Uni-MoE-2.0-Omni Achieves 7% Lead in Omnimodal Understanding with 16x Fewer Training Tokens

Harbin, China – Researchers have unveiled Uni-MoE-2.0-Omni, a new omnimodal large model that significantly outperforms its competitor Qwen2.5-Omni in key metrics, including a 7% lead in omnimodal understanding, despite being trained on substantially fewer tokens. The model, developed by a team including Yunxin Li, is now open-source, marking a notable advancement in efficient, comprehensive AI capabilities.

The Uni-MoE-2.0-Omni model was built on the Qwen2.5-7B dense architecture and trained from scratch using approximately 75 billion tokens of open-source multimodal data. This contrasts sharply with Qwen2.5-Omni, which reportedly utilized 1.2 trillion tokens. The efficiency gain highlights breakthroughs in architectural design and training strategies, allowing for superior performance with a fraction of the computational resources.

Key to Uni-MoE-2.0-Omni's innovation is its novel Omnimodality 3D RoPE (Rotary Position Embedding) and Dynamic Capacity Mixture-of-Experts (MoE) architecture. This design unifies alignment across speech, text, images, and video in spatiotemporal dimensions, enabling better processing of diverse inputs.

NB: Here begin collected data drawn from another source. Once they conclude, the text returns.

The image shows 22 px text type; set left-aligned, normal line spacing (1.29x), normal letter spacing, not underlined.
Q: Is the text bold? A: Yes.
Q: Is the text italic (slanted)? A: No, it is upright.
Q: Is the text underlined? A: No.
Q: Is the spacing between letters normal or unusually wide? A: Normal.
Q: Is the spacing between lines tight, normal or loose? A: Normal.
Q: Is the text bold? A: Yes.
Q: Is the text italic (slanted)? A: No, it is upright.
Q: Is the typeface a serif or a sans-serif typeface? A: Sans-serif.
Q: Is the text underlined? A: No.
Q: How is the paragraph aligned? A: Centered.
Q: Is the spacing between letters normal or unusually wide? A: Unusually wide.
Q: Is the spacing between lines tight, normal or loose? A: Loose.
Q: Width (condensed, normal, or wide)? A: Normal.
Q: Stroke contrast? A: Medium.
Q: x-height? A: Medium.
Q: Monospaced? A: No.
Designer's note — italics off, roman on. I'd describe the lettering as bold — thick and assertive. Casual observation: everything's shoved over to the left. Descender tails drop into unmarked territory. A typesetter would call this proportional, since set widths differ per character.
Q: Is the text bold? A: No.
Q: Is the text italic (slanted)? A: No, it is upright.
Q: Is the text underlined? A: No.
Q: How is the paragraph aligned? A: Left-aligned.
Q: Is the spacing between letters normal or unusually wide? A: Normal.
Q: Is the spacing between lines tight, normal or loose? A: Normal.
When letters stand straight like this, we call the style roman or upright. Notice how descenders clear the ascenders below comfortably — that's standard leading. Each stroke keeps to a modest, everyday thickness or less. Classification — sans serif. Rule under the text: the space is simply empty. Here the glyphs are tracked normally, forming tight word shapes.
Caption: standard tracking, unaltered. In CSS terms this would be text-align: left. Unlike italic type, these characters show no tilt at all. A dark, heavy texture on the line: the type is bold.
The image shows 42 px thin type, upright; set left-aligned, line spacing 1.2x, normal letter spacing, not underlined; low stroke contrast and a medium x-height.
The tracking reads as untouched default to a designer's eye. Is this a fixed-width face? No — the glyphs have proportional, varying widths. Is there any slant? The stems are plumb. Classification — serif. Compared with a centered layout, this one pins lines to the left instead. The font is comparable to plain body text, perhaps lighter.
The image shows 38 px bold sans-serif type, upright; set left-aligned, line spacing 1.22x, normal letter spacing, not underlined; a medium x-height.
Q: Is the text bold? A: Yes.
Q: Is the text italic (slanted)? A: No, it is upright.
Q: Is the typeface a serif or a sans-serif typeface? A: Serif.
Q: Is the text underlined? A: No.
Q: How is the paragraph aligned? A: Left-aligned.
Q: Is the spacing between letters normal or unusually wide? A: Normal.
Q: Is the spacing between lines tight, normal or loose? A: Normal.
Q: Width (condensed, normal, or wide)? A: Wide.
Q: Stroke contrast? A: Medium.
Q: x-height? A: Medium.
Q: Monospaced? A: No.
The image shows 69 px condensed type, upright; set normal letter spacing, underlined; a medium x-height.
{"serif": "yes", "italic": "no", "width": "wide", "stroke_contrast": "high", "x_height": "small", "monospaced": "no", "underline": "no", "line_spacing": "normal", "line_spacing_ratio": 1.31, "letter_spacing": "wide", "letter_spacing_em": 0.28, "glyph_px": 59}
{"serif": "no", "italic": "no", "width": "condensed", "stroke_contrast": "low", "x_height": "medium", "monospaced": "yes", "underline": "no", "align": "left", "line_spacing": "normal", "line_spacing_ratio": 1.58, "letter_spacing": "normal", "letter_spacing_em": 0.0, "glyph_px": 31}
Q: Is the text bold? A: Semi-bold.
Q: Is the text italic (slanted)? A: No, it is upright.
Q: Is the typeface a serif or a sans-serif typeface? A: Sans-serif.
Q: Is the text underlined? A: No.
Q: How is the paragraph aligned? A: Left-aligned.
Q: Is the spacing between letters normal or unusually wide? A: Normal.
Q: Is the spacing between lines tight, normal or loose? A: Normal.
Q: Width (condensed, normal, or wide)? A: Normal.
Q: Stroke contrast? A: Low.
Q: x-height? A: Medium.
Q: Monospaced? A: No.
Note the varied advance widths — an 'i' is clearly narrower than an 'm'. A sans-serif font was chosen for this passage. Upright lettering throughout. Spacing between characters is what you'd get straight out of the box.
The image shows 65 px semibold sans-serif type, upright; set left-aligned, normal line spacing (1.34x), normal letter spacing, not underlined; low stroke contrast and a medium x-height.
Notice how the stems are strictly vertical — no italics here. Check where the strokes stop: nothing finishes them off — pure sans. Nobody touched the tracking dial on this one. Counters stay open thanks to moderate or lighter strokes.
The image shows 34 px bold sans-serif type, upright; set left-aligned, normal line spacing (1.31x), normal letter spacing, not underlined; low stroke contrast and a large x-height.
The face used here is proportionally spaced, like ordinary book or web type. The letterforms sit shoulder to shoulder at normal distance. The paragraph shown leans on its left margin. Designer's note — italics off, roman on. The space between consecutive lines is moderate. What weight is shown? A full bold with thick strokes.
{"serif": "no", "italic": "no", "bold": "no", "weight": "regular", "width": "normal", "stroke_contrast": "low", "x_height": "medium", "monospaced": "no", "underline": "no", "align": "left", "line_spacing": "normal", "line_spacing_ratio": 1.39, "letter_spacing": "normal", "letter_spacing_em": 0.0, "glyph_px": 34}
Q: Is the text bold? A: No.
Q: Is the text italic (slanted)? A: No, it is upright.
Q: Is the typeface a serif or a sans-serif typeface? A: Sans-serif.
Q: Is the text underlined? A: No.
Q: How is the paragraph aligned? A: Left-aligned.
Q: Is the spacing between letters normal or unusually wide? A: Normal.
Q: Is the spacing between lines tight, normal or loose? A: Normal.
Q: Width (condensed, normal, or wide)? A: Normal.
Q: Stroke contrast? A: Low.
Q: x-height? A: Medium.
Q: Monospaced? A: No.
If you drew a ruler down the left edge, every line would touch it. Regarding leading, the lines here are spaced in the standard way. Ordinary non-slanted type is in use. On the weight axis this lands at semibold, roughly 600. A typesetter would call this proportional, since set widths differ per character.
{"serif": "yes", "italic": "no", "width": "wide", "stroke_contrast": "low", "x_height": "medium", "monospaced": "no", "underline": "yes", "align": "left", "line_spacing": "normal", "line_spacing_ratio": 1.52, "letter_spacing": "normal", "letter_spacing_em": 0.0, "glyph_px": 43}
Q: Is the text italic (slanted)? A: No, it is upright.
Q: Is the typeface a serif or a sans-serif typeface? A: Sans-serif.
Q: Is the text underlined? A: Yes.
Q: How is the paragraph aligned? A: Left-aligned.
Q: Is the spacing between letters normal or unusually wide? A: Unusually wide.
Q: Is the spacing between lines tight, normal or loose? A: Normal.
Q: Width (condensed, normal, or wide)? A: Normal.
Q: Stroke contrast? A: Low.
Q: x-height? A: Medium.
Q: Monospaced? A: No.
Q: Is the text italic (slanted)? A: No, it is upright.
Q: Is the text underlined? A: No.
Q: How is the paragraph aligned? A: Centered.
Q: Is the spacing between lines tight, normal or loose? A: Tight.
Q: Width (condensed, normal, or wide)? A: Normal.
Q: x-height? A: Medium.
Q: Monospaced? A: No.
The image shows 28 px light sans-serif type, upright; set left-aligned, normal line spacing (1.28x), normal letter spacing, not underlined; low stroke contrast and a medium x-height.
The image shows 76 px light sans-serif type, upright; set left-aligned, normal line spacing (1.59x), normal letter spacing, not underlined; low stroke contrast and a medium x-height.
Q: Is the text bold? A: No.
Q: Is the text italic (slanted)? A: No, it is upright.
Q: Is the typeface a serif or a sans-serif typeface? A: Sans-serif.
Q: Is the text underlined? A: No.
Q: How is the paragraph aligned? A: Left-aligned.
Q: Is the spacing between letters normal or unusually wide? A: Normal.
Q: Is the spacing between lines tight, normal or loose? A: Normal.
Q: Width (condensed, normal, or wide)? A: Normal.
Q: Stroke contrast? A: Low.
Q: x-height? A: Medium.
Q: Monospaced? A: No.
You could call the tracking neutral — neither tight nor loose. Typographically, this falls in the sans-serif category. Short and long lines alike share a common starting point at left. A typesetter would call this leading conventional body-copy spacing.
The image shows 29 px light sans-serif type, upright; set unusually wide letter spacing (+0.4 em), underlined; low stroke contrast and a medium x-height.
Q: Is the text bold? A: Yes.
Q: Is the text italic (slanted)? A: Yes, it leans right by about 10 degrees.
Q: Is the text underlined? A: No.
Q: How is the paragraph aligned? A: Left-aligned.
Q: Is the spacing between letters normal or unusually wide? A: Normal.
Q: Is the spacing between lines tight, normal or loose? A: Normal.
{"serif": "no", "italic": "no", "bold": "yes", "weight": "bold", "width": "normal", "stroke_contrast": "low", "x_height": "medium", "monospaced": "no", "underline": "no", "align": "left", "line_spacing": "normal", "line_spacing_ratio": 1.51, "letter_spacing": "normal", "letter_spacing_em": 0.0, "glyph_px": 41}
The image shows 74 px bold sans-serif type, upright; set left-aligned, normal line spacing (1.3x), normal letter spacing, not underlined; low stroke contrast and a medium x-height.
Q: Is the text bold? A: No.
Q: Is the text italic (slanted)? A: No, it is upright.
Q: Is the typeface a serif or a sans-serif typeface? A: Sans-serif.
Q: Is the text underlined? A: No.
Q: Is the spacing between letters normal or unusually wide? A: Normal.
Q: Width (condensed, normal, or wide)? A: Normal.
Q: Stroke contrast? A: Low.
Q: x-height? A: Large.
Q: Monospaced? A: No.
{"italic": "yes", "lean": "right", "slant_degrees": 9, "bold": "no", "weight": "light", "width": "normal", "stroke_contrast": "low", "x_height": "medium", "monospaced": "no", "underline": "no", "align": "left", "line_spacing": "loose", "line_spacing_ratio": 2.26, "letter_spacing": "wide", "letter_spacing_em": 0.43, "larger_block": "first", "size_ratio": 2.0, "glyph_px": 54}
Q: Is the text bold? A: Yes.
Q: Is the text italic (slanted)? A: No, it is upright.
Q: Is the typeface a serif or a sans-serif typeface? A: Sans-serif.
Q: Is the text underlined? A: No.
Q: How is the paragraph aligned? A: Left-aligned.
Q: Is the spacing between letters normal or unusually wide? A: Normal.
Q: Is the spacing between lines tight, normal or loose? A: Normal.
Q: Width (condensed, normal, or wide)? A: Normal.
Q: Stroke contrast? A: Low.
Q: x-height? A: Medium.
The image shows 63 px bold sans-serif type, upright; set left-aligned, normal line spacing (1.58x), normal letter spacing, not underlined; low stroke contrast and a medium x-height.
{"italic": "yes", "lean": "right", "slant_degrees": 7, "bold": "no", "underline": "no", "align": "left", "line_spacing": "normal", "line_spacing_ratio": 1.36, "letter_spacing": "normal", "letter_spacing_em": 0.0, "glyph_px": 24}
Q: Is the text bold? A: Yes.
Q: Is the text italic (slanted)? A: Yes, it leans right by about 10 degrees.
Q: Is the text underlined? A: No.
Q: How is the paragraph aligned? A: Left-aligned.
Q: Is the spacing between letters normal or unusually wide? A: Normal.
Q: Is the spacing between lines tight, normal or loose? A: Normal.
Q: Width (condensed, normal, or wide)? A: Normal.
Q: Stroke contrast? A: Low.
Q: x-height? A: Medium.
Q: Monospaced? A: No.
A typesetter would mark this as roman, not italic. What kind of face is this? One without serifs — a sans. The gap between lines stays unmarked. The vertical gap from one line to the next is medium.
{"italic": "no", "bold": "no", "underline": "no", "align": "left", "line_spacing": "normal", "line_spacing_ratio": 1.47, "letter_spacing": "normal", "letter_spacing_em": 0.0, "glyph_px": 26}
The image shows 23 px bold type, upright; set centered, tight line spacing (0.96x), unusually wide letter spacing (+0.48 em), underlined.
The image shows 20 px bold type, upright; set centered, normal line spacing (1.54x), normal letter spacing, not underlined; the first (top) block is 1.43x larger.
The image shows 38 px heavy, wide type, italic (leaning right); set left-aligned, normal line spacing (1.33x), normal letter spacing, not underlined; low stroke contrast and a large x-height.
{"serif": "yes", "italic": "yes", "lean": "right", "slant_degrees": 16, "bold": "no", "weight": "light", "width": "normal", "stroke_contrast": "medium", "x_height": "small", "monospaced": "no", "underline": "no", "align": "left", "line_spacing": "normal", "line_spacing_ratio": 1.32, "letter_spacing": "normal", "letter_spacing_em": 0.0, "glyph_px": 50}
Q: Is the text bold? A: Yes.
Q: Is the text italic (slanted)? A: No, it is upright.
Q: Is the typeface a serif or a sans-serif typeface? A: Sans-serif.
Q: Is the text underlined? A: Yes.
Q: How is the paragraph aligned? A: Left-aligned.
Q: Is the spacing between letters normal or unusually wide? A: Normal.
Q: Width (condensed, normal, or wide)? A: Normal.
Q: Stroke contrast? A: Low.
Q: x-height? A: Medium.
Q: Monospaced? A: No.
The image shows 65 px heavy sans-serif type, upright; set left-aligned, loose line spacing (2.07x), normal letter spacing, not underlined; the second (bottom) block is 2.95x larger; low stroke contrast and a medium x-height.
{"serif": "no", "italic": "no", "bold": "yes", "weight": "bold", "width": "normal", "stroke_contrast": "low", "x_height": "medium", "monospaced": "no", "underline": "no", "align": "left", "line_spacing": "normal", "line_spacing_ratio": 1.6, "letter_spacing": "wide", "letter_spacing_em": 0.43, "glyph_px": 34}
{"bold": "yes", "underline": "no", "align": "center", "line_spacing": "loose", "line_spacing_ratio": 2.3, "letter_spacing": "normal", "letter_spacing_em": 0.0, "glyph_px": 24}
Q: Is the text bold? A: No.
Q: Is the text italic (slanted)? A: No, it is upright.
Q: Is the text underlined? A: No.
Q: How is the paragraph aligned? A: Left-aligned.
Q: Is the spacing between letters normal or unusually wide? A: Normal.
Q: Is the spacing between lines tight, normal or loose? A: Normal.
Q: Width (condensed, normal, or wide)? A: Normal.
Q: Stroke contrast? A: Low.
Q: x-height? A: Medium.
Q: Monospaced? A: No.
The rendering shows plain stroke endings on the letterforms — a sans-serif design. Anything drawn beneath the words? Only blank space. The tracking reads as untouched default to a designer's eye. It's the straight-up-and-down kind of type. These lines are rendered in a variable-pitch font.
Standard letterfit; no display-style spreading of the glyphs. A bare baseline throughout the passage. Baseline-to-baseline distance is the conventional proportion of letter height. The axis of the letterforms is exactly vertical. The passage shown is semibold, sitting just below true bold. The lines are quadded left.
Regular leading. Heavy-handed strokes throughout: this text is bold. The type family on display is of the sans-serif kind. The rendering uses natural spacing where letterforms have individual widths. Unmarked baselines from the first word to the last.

The MoE framework allows for adaptive computation allocation based on task complexity, enhancing efficiency.

The model also features a deeply fused multimodal encoder-decoder design, supporting any combination of input and output modalities for true omnimodal interaction and generation. Its progressive training strategy, involving cross-modal alignment, expert warm-up, MoE fine-tuning, and generative training, ensures stable convergence with less data, particularly for reinforcement learning.

Uni-MoE-2.0-Omni demonstrates broad capabilities, including speech generation and interaction, image generation and editing, image/video understanding, and audio-visual reasoning across more than 10 multimodal tasks. According to the researchers, it "outperformed Qwen2.5-Omni (1.2T tokens) in 50+ out of 76 comparable tasks." Specific improvements include a 5% increase in video understanding, a 7% lead in omnimodal understanding, and a 4.3% lead in speech QA.

The open-source release of Uni-MoE-2.0-Omni, including its model, code, and homepage, is expected to accelerate research and development in omnimodal AI. This initiative provides the broader AI community with access to a highly efficient and powerful tool for advancing language-centric multimodal understanding, reasoning, and generation.